Exercise aim: Please output exactly the lines that run from the line with "Topology: 11 solids, 11" through the final line of the data, inclusive, and nothing more.

[Records from a dataset]

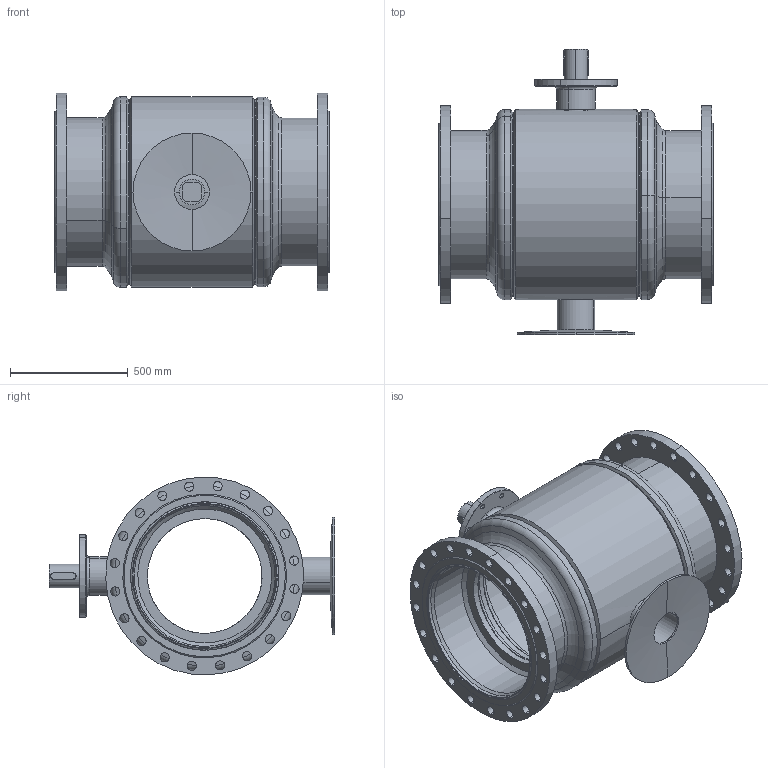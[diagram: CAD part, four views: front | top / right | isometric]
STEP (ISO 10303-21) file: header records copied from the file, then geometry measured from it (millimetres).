
FILE_DESCRIPTION (( 'STEP AP214' ), '1' );
FILE_NAME ('DN600法兰球阀PN16.STEP', '2023-10-08T08:06:07', ( '' ), ( '' ), 'SwSTEP 2.0', 'SolidWorks 2019', '' );
FILE_SCHEMA (( 'AUTOMOTIVE_DESIGN' ));
Length unit declared in the file: millimetre
Products named in the file (9): 600粣杶蜊傻; 600楊擘1.6; 600概裝; 600 晚概极; 600埴攫盓殤奪; DN600楊擘⑩概PN16; 600盓殤埴攫; 600Q367F16C-01; 600瑩
Assembly tree (11 placements, depth 2):
  DN600楊擘⑩概PN16
    600Q367F16C-01
    600粣杶蜊傻
    600 晚概极  x2
    600概裝
    600瑩  x2
    600埴攫盓殤奪
    600盓殤埴攫
    600楊擘1.6  x2
Bounding box: 1163 x 1211.76 x 839.58 mm (x, y, z)
Volume: 119931447.5 mm3; surface area: 8776417.1 mm2
Topology: 11 solids, 11 shells, 335 faces, 800 edges, 503 vertices
Faces by surface type: cylinder 202, cone 61, plane 58, torus 14
Entity records: 8486 total; most frequent: CARTESIAN_POINT 1928, DIRECTION 1329, ORIENTED_EDGE 1112, EDGE_CURVE 556, AXIS2_PLACEMENT_3D 554, VERTEX_POINT 349, EDGE_LOOP 315, CIRCLE 307

Task response:
Topology: 11 solids, 11 shells, 335 faces, 800 edges, 503 vertices
Faces by surface type: cylinder 202, cone 61, plane 58, torus 14
Entity records: 8486 total; most frequent: CARTESIAN_POINT 1928, DIRECTION 1329, ORIENTED_EDGE 1112, EDGE_CURVE 556, AXIS2_PLACEMENT_3D 554, VERTEX_POINT 349, EDGE_LOOP 315, CIRCLE 307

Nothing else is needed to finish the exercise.